A crise do sistema penitenciário do Rio Grande do Norte já não é uma surpresa, uma vez que, esta vem sendo gestada há muito tempo e está dentro de uma conjuntura nacional, as rebeliões que assistimos agora representam o limite do insuportável, até quando vão silenciar a desumanização da questão penitenciária, não só no RN, mas também, no Brasil todo?
Para entendermos a questão não podemos de deixar de considerar que as prisões brasileiras são um depósito imundo de pessoas, as quais 41% são provisórios, já no estado do Rio Grande do Norte este número cai para 34%, sem falar, nos que já estão com direito à condicional e continuam dentro do cárcere, mostrando a inviabilidade e falência deste sistema. Com a população carcerária girando em torno de 711.400¹, sendo a terceira maior do mundo, estamos atrás dos Estados Unidos e China. Sendo que 49% dos crimes principais são contra o patrimônio, 26% entorpecentes e 12% homicídios².
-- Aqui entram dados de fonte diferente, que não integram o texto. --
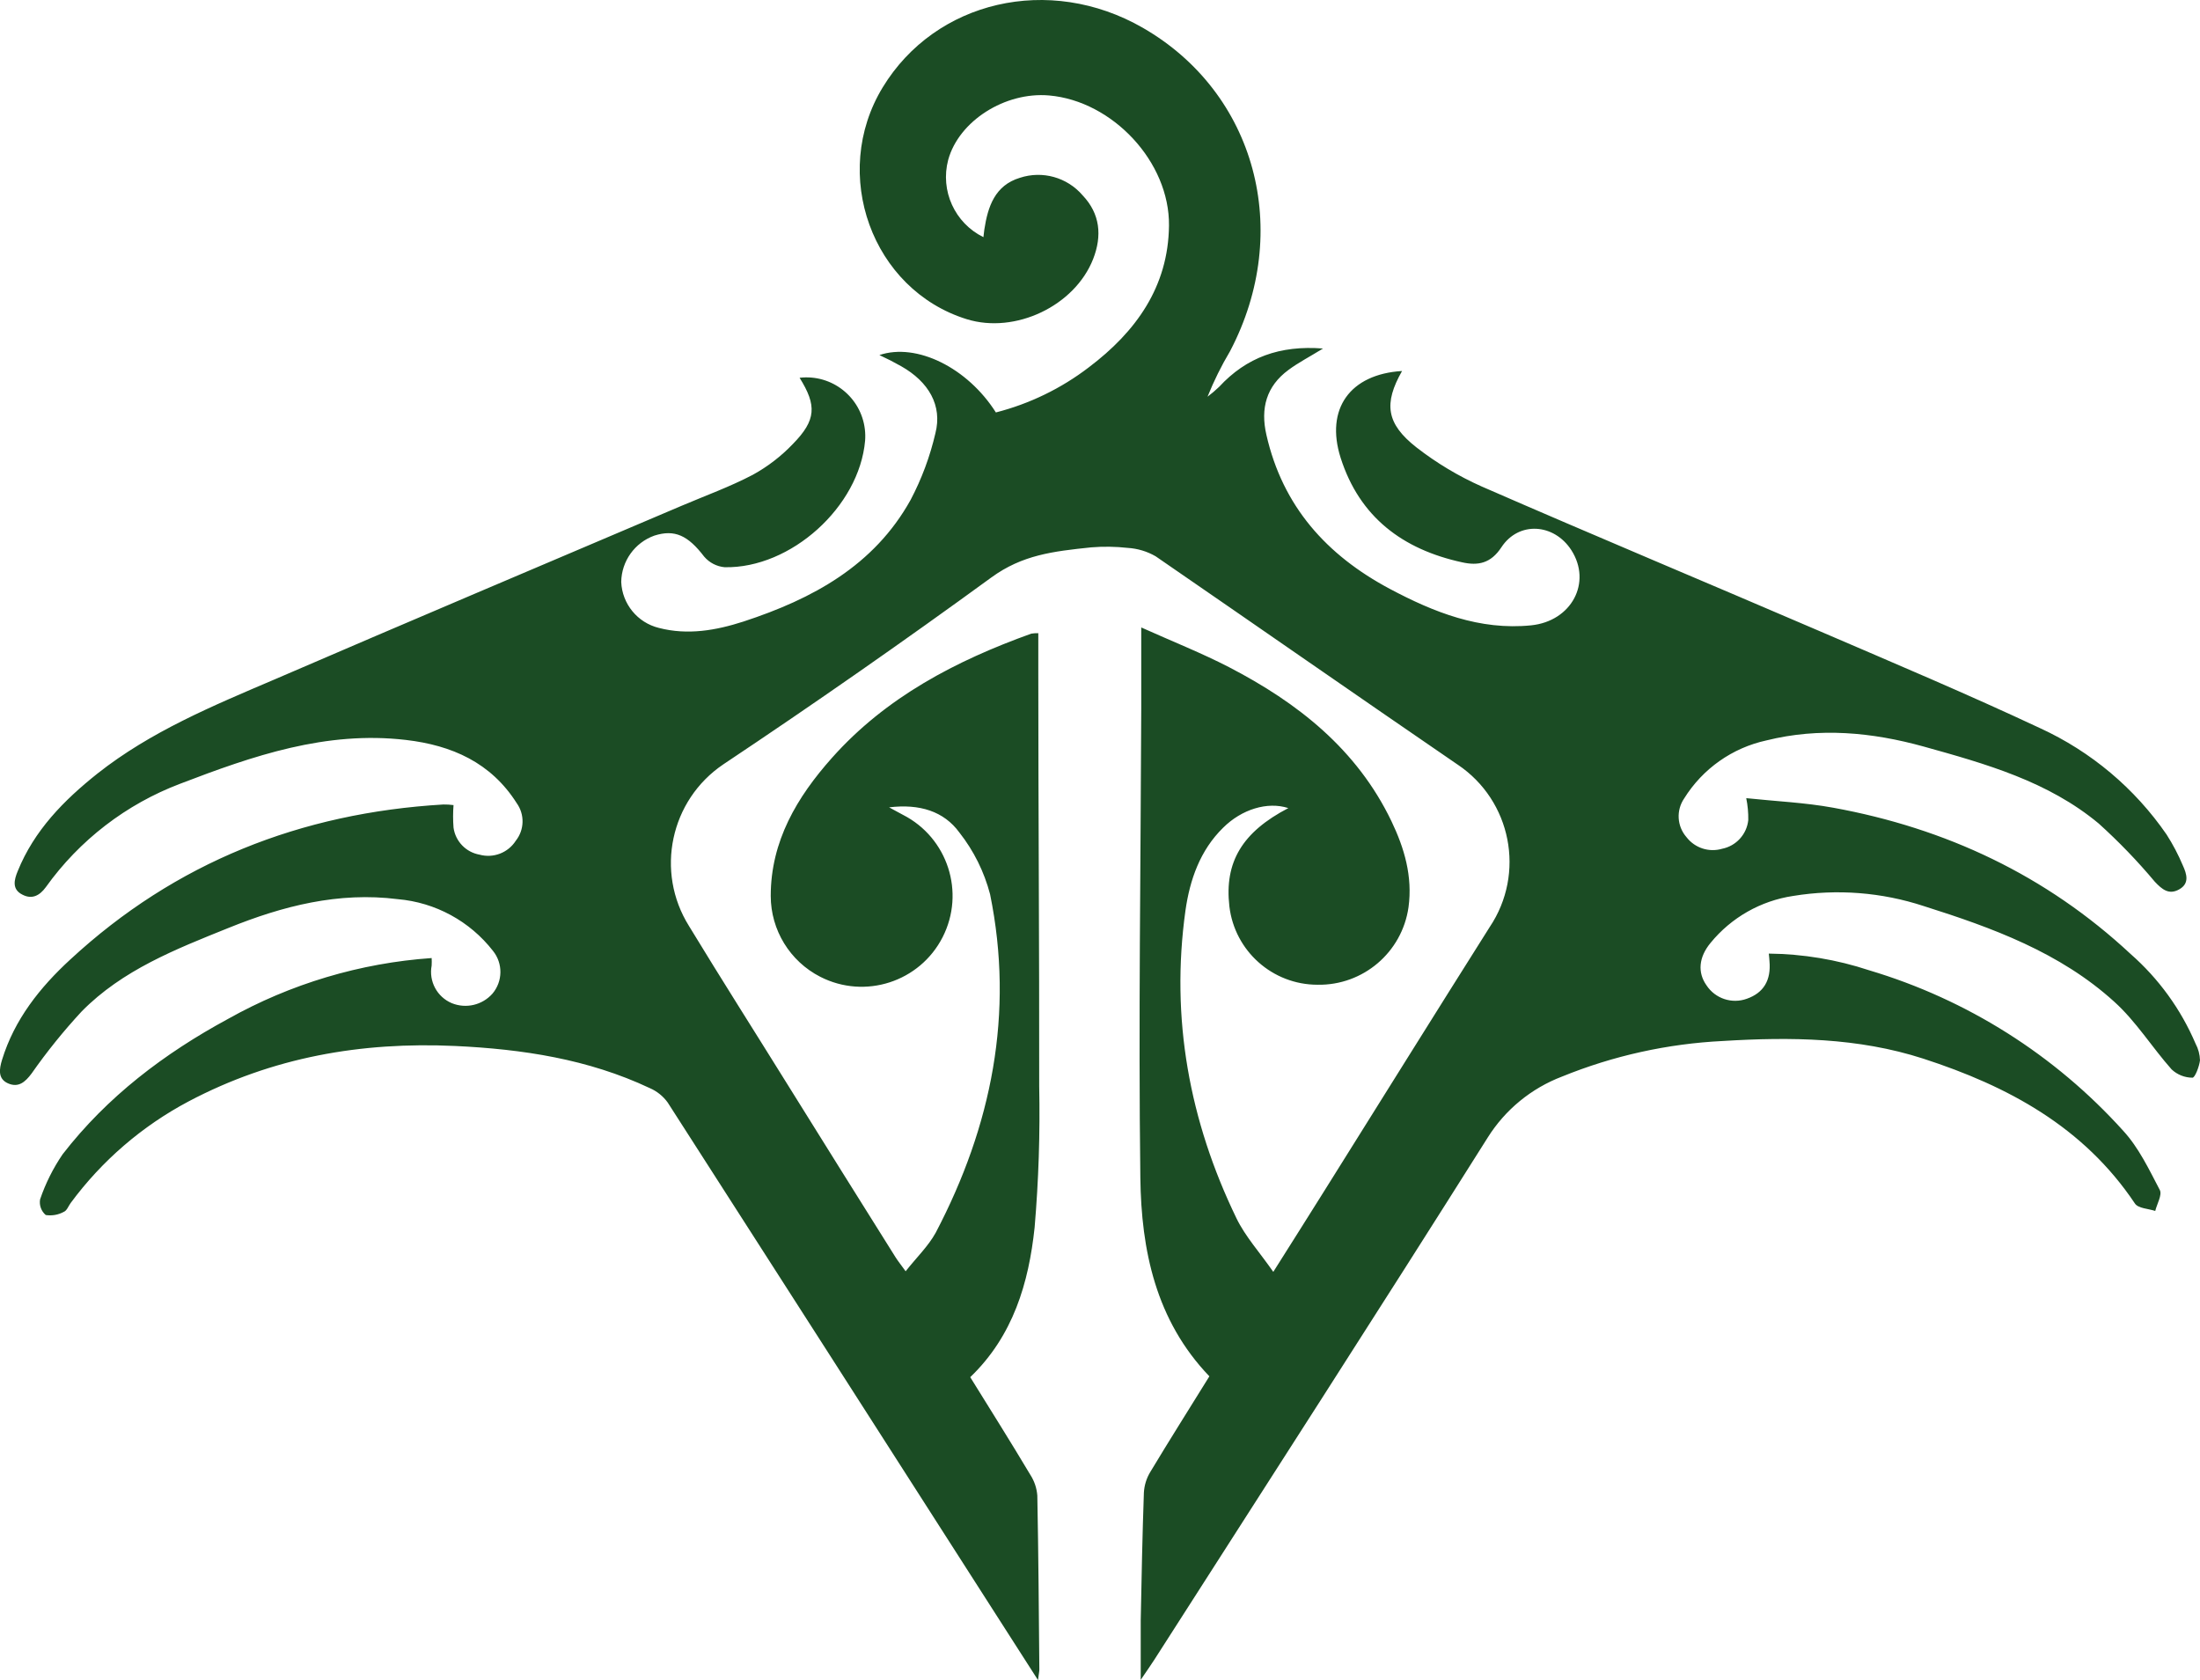 <?xml version="1.0" encoding="UTF-8"?>
<svg xmlns="http://www.w3.org/2000/svg" id="a" data-name="Layer 1" viewBox="0 0 512 390.993">
  <defs>
    <style>
      .b {
        fill: #1b4c24;
        stroke-width: 0px;
      }
    </style>
  </defs>
  <path class="b" d="M228.869,55.185c.087-.77.14-1.243.21-1.75.823-5.355,2.45-10.291,8.278-12.058,5.242-1.724,11.006-.114,14.596,4.078,4.078,4.288,4.568,9.398,2.45,14.823-4.288,10.921-18.131,17.501-29.419,14.001-22.051-6.843-31.817-33.794-19.549-53.956C217.704.162,244.165-6.051,265.954,6.462c26.252,15.086,35.002,47.253,20.319,75.254-2.021,3.395-3.776,6.941-5.25,10.606.942-.712,1.842-1.477,2.695-2.293,6.353-6.878,14.158-9.713,24.186-8.925-3.15,1.943-5.74,3.273-8.05,4.988-5.145,3.798-6.545,8.925-5.128,15.103,3.78,16.626,14.001,28.002,28.719,35.842,10.238,5.443,20.914,9.695,32.884,8.488,9.433-.963,14.193-9.976,9.363-17.501-4.025-6.23-12.251-6.79-16.276-.665-2.45,3.728-5.39,4.34-9.136,3.5-13.808-2.993-23.871-10.501-28.282-24.326-3.623-11.411,2.223-19.461,14.298-20.196-4.305,7.578-3.71,12.251,3.378,17.799,4.672,3.629,9.767,6.679,15.173,9.083,26.146,11.411,52.503,22.419,78.754,33.707,17.116,7.368,34.302,14.613,51.173,22.524,11.871,5.448,22.048,14.005,29.454,24.764,1.462,2.286,2.727,4.692,3.78,7.193.893,1.96,1.61,4.165-.823,5.548s-4.025,0-5.688-1.75c-4.037-4.82-8.405-9.352-13.073-13.563-11.796-9.818-26.252-13.878-40.707-17.904-12.058-3.343-24.291-4.498-36.612-1.435-7.944,1.725-14.85,6.592-19.146,13.493-1.902,2.772-1.686,6.48.525,9.013,1.939,2.531,5.235,3.609,8.296,2.713,3.269-.654,5.735-3.353,6.09-6.668.033-1.716-.126-3.43-.472-5.11,6.86.735,13.633,1.015,20.231,2.223,26.252,4.778,49.58,15.751,69.199,34.022,6.546,5.738,11.72,12.873,15.138,20.879.641,1.197.995,2.528,1.033,3.885-.175,1.47-1.173,4.043-1.75,4.043-1.801-.006-3.533-.694-4.848-1.925-4.585-5.163-8.295-11.201-13.353-15.751-12.618-11.463-28.369-17.221-44.33-22.261-9.79-3.219-20.212-4.029-30.382-2.363-7.555,1.123-14.419,5.023-19.251,10.938-2.748,3.325-3.045,6.878-.945,9.853,2.029,3.106,5.93,4.404,9.415,3.133,3.868-1.365,5.653-4.27,5.25-8.751,0-.472-.087-.927-.158-1.75,7.942.08,15.823,1.39,23.364,3.885,22.769,6.788,43.229,19.716,59.136,37.365,3.605,3.92,6.003,8.995,8.505,13.773.578,1.138-.665,3.22-1.067,4.865-1.628-.542-3.99-.578-4.743-1.75-11.936-17.834-29.542-27.302-49.23-33.689-15.208-4.918-30.889-5.075-46.623-4.113-12.862.627-25.524,3.425-37.452,8.278-7.15,2.722-13.22,7.698-17.291,14.176-25.639,40.69-51.715,81.1-77.652,121.614-.787,1.225-1.628,2.415-3.115,4.603v-13.791c.193-9.888.385-19.776.735-29.752.091-1.695.595-3.341,1.47-4.795,4.515-7.508,9.206-14.928,13.773-22.296-12.496-13.021-15.856-29.384-16.066-46.22-.455-36.385.087-72.769.21-109.153v-18.901c7.49,3.36,14.123,5.985,20.424,9.241,16.013,8.296,29.752,19.094,37.802,35.842,3.01,6.283,4.953,12.846,3.973,20.039-1.5,10.491-10.58,18.221-21.176,18.026-10.469-.007-19.279-7.84-20.511-18.236-1.19-10.308,2.993-17.291,13.721-22.874-4.865-1.575-10.868.28-15.191,4.585-5.355,5.25-7.735,12.111-8.751,19.251-3.5,25.061.91,49.003,11.866,71.614,2.048,4.235,5.355,7.858,8.575,12.478,4.41-7,8.296-13.108,12.128-19.251,12.741-20.336,25.411-40.69,38.222-60.973,8.391-12.493,5.065-29.423-7.428-37.813-.056-.037-.111-.074-.167-.111-23.329-15.978-46.675-32.237-70.126-48.373-1.988-1.15-4.218-1.821-6.51-1.96-2.83-.316-5.685-.357-8.523-.122-8.873.927-15.996,1.75-23.206,7-20.476,14.922-41.267,29.419-62.373,43.49-12.367,8.34-15.903,24.978-7.998,37.627,7.508,12.356,15.243,24.501,22.909,36.84,8.366,13.441,16.754,26.858,25.166,40.252.578.91,1.26,1.75,2.345,3.255,2.538-3.22,5.25-5.81,7-8.978,13.021-24.834,18.306-51.068,12.653-78.754-1.367-5.23-3.797-10.121-7.14-14.368-3.623-4.97-9.275-6.72-16.363-5.863l3.238,1.75c10.406,5.316,14.533,18.062,9.217,28.468-5.316,10.406-18.062,14.533-28.468,9.217-7.071-3.612-11.524-10.879-11.533-18.819,0-12.758,6.125-23.014,14.246-32.132,12.583-14.141,28.859-22.611,46.395-28.912.538-.083,1.083-.118,1.628-.105v8.873c0,32.167.245,64.351.21,96.535.223,10.978-.134,21.961-1.068,32.902-1.365,12.881-4.988,25.236-14.981,34.827,4.725,7.613,9.45,15.121,14.001,22.751.93,1.445,1.484,3.099,1.61,4.813.263,13.476.35,26.969.472,40.462,0,.472-.122.945-.315,2.468l-10.501-16.381c-25.201-39.365-50.426-78.708-75.674-118.026-1.064-1.479-2.51-2.64-4.183-3.36-14.333-6.755-29.612-9.066-45.31-9.801-21.824-.998-42.492,2.59-62.006,12.898-10.813,5.726-20.198,13.813-27.459,23.661-.507.7-.875,1.75-1.558,2.03-1.29.712-2.779.976-4.235.752-1.048-.898-1.546-2.28-1.313-3.64,1.268-3.721,3.034-7.254,5.25-10.501,10.396-13.423,23.661-23.469,38.502-31.502,14.551-8.164,30.731-12.999,47.375-14.158.032.583.032,1.167,0,1.75-.697,3.658,1.258,7.305,4.69,8.751,3.308,1.342,7.103.451,9.468-2.223,2.412-2.858,2.463-7.024.122-9.941-5.387-6.923-13.416-11.287-22.156-12.041-13.808-1.75-26.776,1.593-39.377,6.685-12.251,4.935-24.711,9.783-34.214,19.461-4.197,4.531-8.079,9.343-11.621,14.403-1.523,2.048-3.098,3.378-5.513,2.31s-2.013-3.378-1.383-5.46c2.888-9.415,8.838-16.871,15.873-23.346,24.466-22.629,53.675-34.127,86.84-36.087.79-.011,1.579.036,2.363.14-.135,1.748-.135,3.503,0,5.25.442,3.18,2.878,5.715,6.038,6.283,3.223.889,6.649-.423,8.453-3.238,2.017-2.542,2.103-6.114.21-8.751-5.985-9.433-15.086-13.458-25.761-14.701-18.604-2.188-35.614,3.693-52.503,10.168-12.596,4.758-23.497,13.145-31.327,24.099-1.435,1.96-3.203,2.888-5.408,1.75-2.555-1.243-1.943-3.5-1.138-5.46,3.833-9.486,10.728-16.503,18.586-22.751,12.373-9.765,26.829-15.751,41.127-21.859,31.502-13.598,63.161-26.969,94.768-40.427,5.548-2.363,11.271-4.428,16.608-7.228,3.459-1.9,6.605-4.32,9.328-7.175,5.443-5.548,5.583-8.96,1.558-15.401,7.507-.883,14.308,4.487,15.191,11.994.104.881.121,1.77.053,2.655-1.348,15.366-17.273,29.752-32.692,29.437-1.848-.169-3.557-1.055-4.76-2.468-3.763-4.918-6.843-6.405-11.603-4.883-4.561,1.639-7.629,5.934-7.7,10.781.217,5.113,3.782,9.469,8.751,10.693,6.738,1.75,13.318.578,19.724-1.488,16.031-5.25,30.347-12.968,38.87-28.299,2.585-4.904,4.526-10.122,5.775-15.523,1.645-6.423-1.54-11.953-7.98-15.593-1.575-.892-3.238-1.75-5.058-2.59,8.646-2.923,20.511,2.94,27.109,13.353,7.844-2.007,15.202-5.579,21.631-10.501,10.938-8.261,18.498-18.709,18.656-32.972.175-14.841-13.143-28.999-27.896-30.294-10.256-.892-21.001,5.933-23.486,14.981-1.905,7.183,1.522,14.712,8.19,17.991Z"></path>
</svg>

O cárcere brasileiro é marcado pela barbárie. A superlotação dos presídios está calculada no déficit nacional gira em torno de 206.000 vagas, já no estadual são de 1.217 vagas. Tal situação é intensificada com o aumento da população carcerária o qual é iniciado a partir da década de 1990, em que de 1990 até 2012 houve um aumento de 508%,já que, tal lógica de encarceramento é defendida pelos ajustes do modelo econômico que ocorreu neste período, enquanto que no modelo anterior se fazia presente questionamentos à ineficiência desta lógica carcerária.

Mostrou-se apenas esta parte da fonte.